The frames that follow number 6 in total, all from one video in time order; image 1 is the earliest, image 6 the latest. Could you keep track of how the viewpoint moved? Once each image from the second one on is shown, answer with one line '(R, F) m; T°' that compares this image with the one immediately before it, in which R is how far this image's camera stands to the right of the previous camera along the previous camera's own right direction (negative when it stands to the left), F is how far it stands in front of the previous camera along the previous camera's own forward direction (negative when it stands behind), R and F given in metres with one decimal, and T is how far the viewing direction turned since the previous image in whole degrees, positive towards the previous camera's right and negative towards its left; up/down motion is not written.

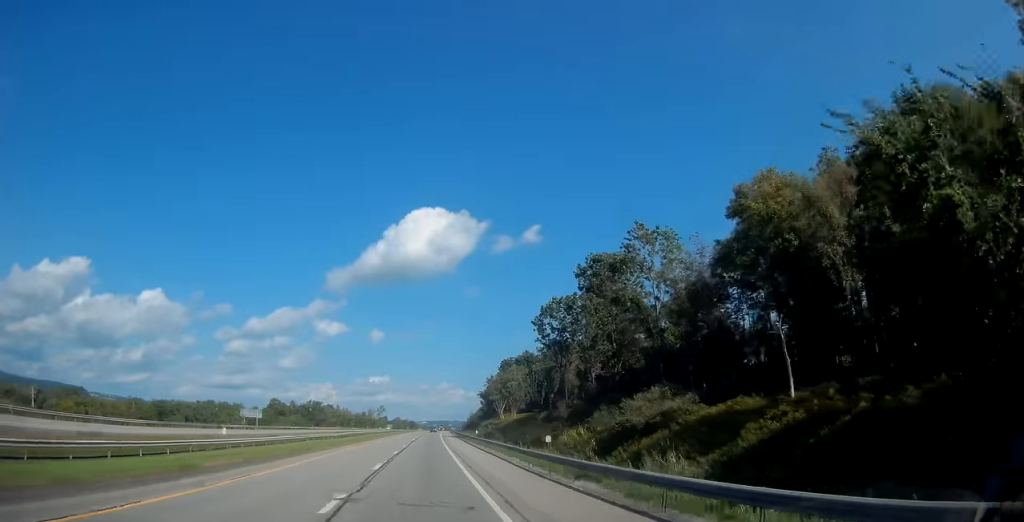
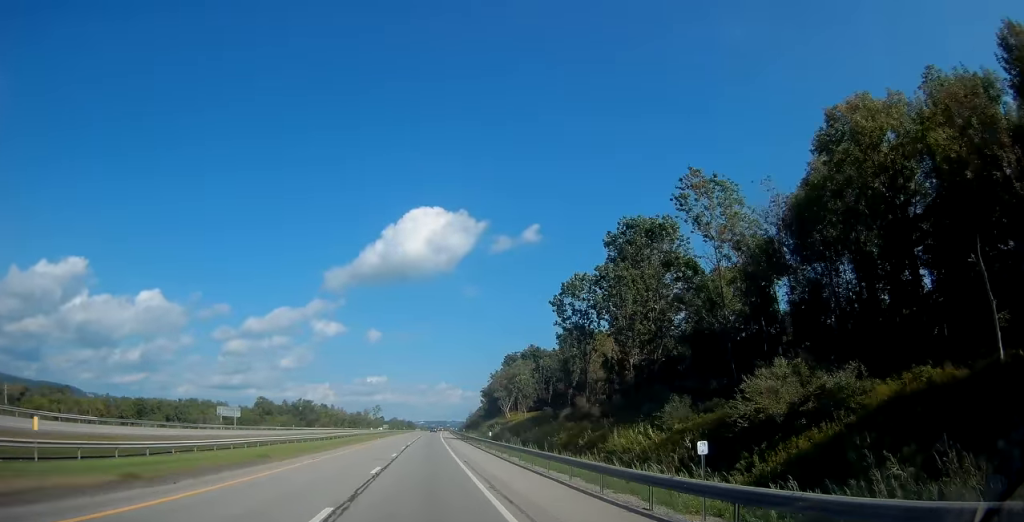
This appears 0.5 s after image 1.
(-0.1, +14.4) m; 0°
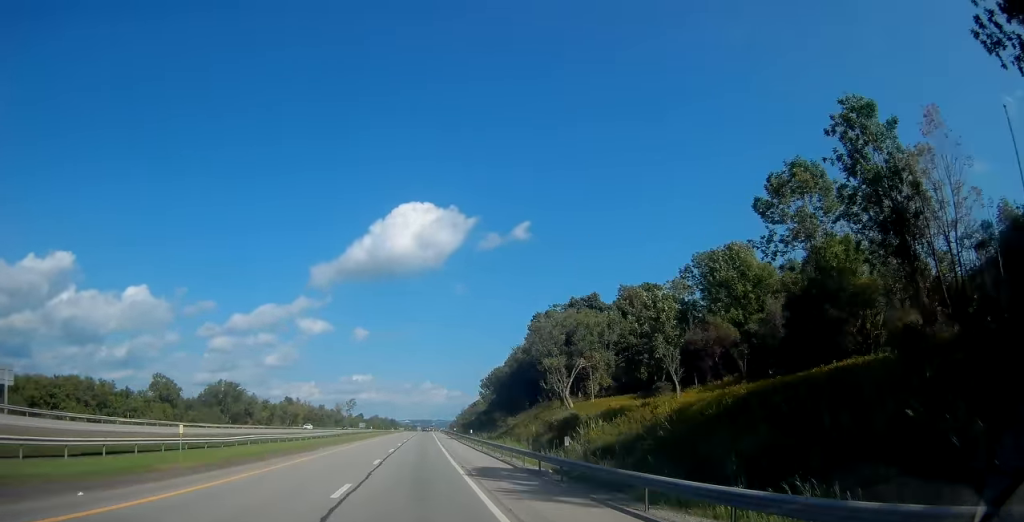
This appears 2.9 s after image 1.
(+1.2, +69.0) m; +2°
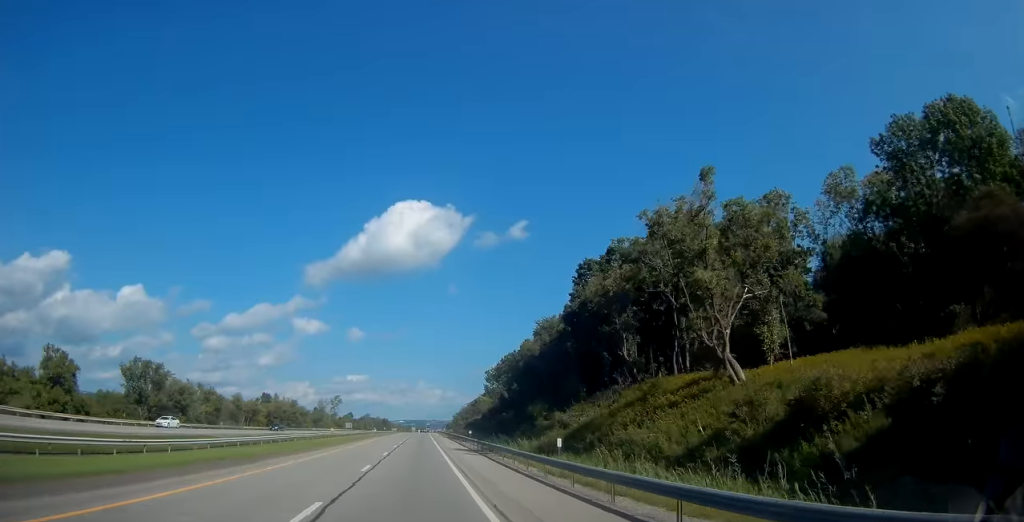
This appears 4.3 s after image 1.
(+0.6, +40.2) m; +1°
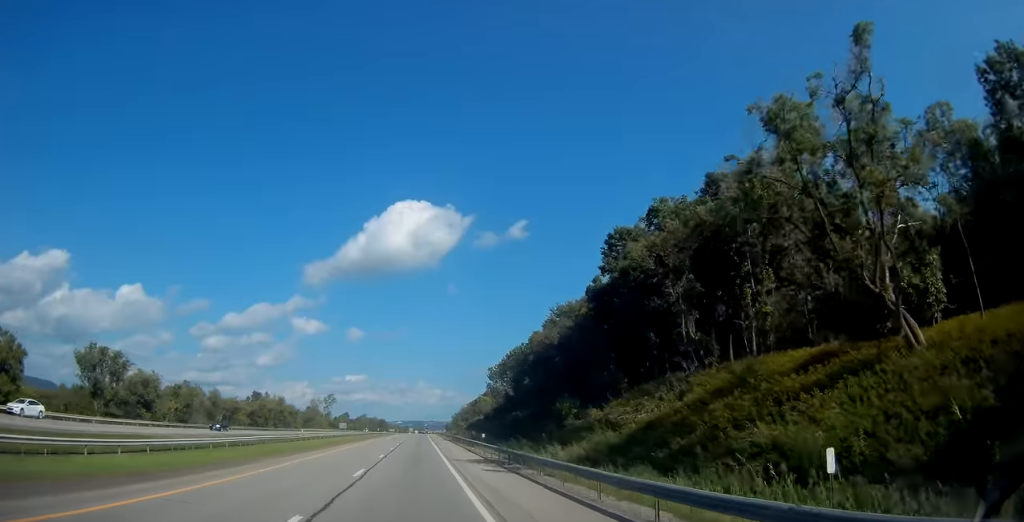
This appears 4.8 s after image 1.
(0.0, +14.4) m; 0°
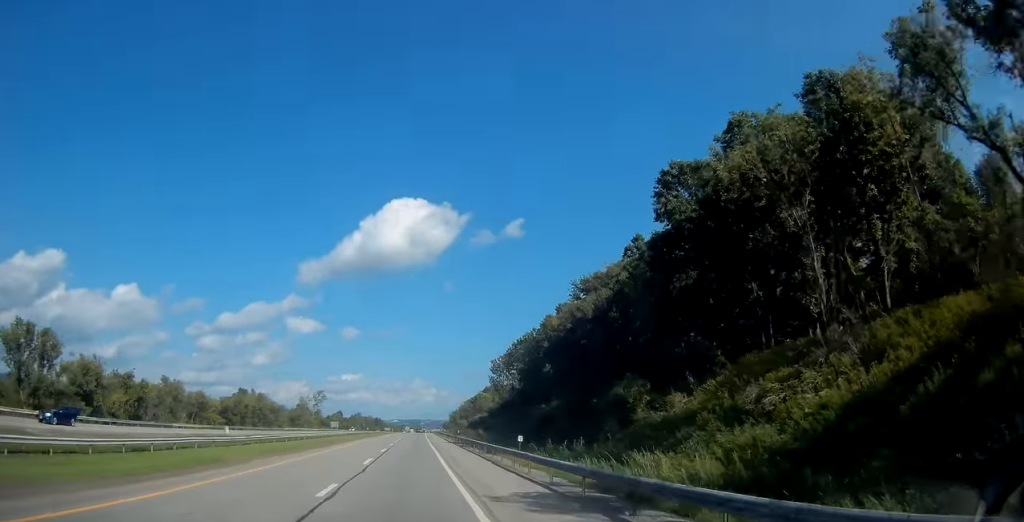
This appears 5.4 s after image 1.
(0.0, +18.2) m; 0°
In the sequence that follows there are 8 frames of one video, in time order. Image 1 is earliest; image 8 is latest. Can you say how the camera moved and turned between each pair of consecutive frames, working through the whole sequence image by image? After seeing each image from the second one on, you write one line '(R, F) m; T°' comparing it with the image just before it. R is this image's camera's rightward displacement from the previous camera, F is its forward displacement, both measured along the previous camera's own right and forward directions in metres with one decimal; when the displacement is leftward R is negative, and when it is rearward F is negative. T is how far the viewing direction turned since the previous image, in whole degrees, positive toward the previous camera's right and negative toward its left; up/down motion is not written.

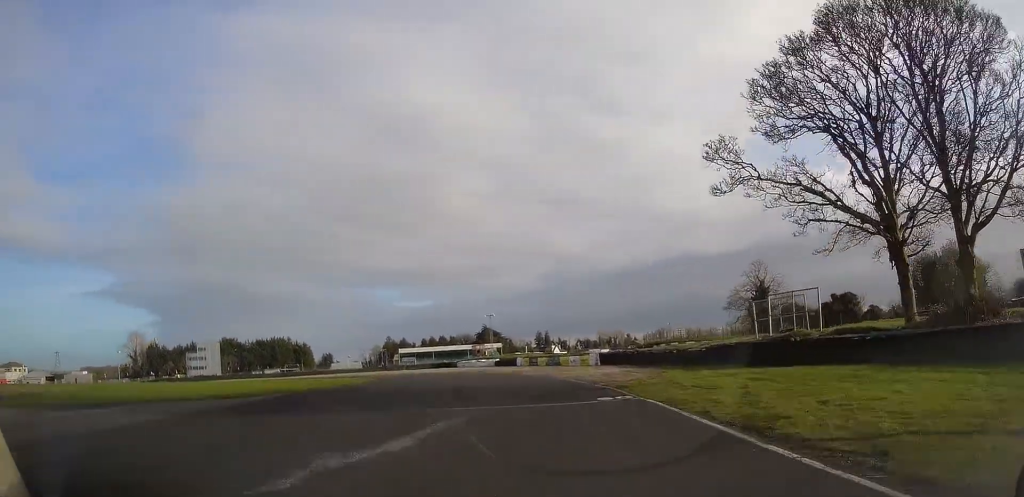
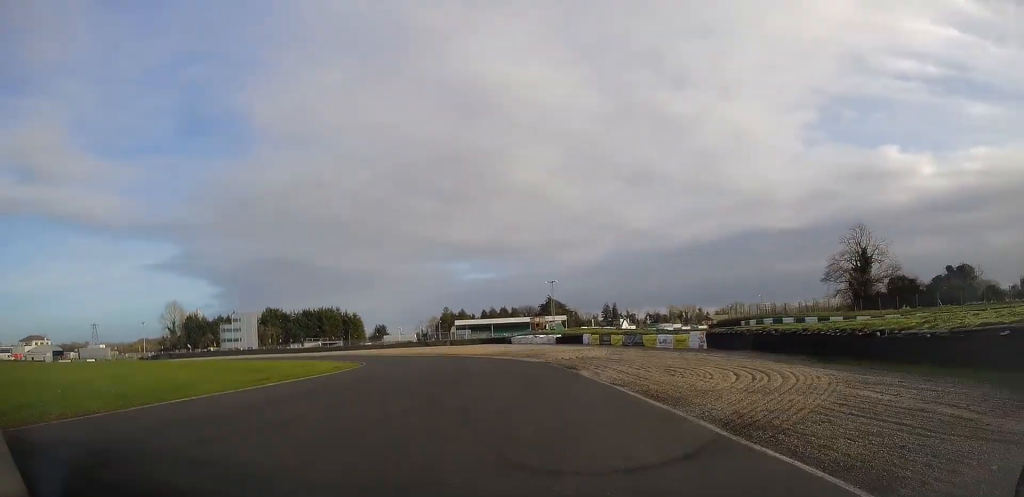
(-1.3, +19.0) m; -8°
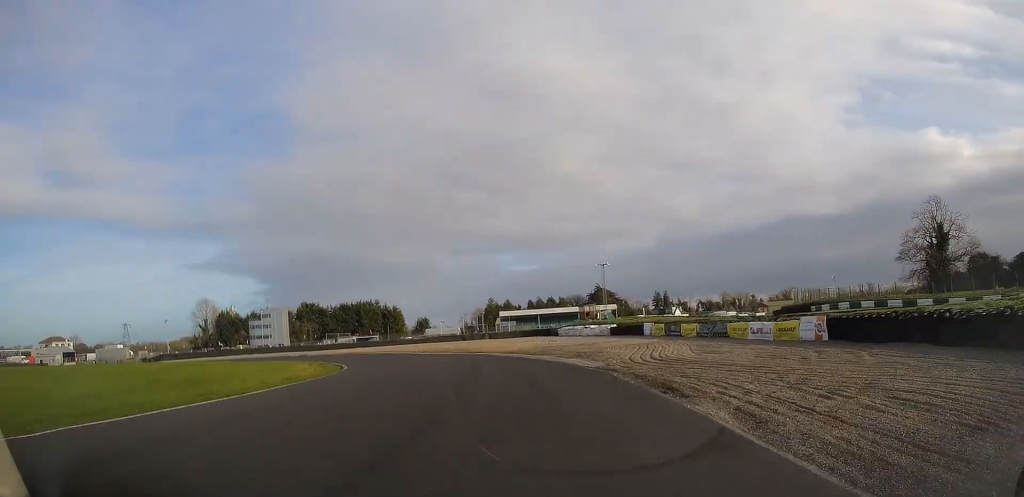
(-0.8, +11.6) m; -6°
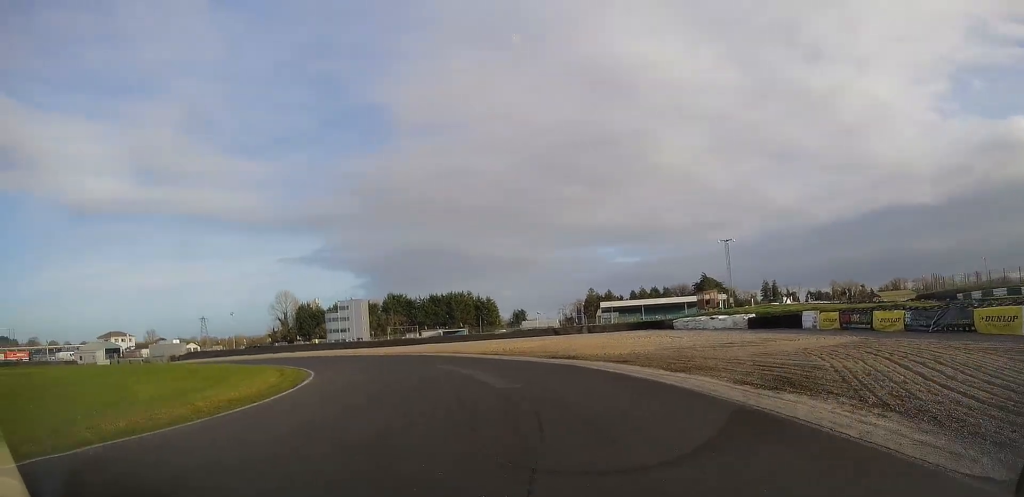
(-1.3, +16.7) m; -10°
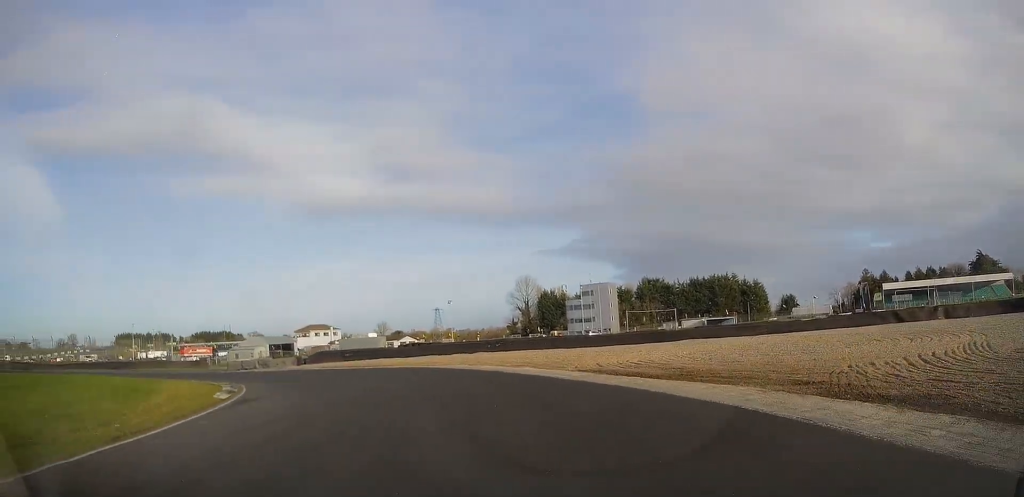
(-5.6, +27.1) m; -28°
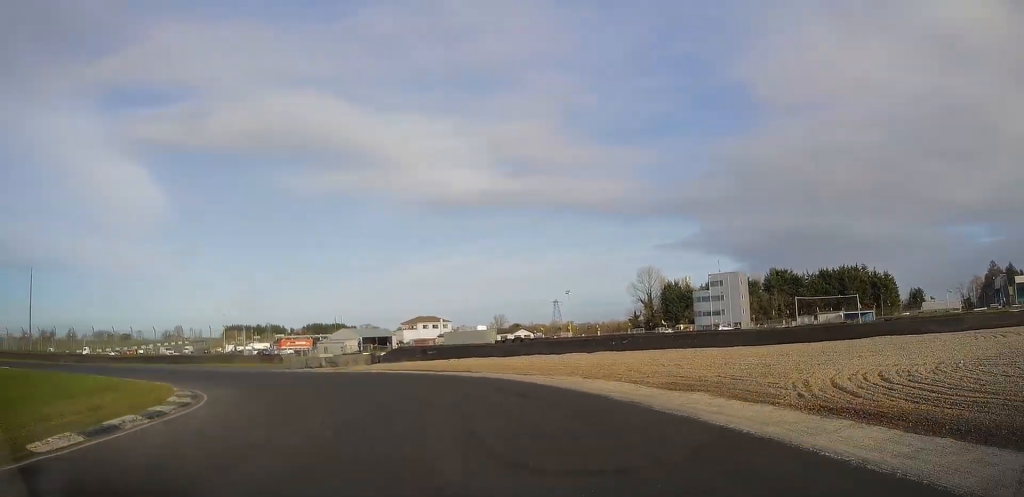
(-1.7, +10.8) m; -13°
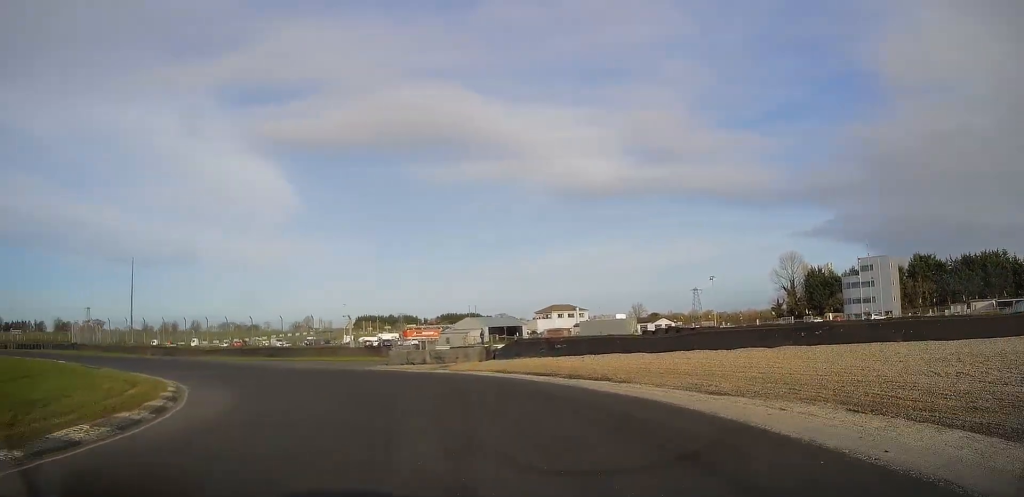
(-0.8, +8.8) m; -11°
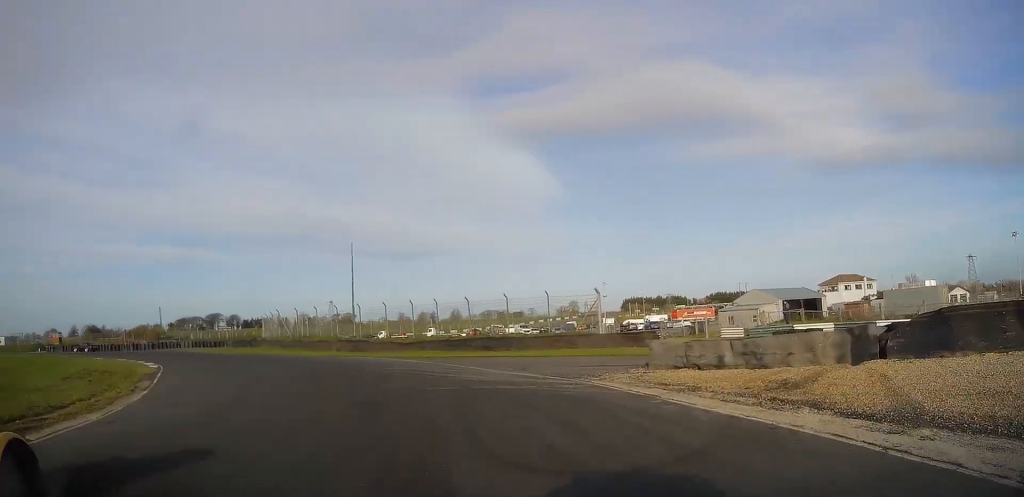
(-3.7, +18.5) m; -25°

- [What you will do]
Retype the whole listing, keeping every line identical and omitting all pictures.

- [Output]
The frames that follow number 6 in total, all from one video in time order; image 1 is the earliest, image 6 the latest. Could you keep track of how the viewpoint moved? Once each image from the second one on is shown, answer with one line '(R, F) m; T°' that compares this image with the one immediately before it, in which R is how far this image's camera stands to the right of the previous camera along the previous camera's own right direction (negative when it stands to the left), F is how far it stands in front of the previous camera along the previous camera's own forward direction (negative when it stands behind), R and F given in metres with one decimal, and T is how far the viewing direction turned since the previous image in whole degrees, positive towards the previous camera's right and negative towards its left; up/down motion is not written.

This appears 0.5 s after image 1.
(-0.1, +14.4) m; 0°
This appears 2.9 s after image 1.
(+1.2, +69.0) m; +2°
This appears 4.3 s after image 1.
(+0.6, +40.2) m; +1°
This appears 4.8 s after image 1.
(0.0, +14.4) m; 0°
This appears 5.4 s after image 1.
(0.0, +18.2) m; 0°
In the sequence that follows there are 8 frames of one video, in time order. Image 1 is earliest; image 8 is latest. Can you say how the camera moved and turned between each pair of consecutive frames, working through the whole sequence image by image? After seeing each image from the second one on, you write one line '(R, F) m; T°' comparing it with the image just before it. R is this image's camera's rightward displacement from the previous camera, F is its forward displacement, both measured along the previous camera's own right and forward directions in metres with one decimal; when the displacement is leftward R is negative, and when it is rearward F is negative. T is how far the viewing direction turned since the previous image, in whole degrees, positive toward the previous camera's right and negative toward its left; up/down motion is not written.

(-1.3, +19.0) m; -8°
(-0.8, +11.6) m; -6°
(-1.3, +16.7) m; -10°
(-5.6, +27.1) m; -28°
(-1.7, +10.8) m; -13°
(-0.8, +8.8) m; -11°
(-3.7, +18.5) m; -25°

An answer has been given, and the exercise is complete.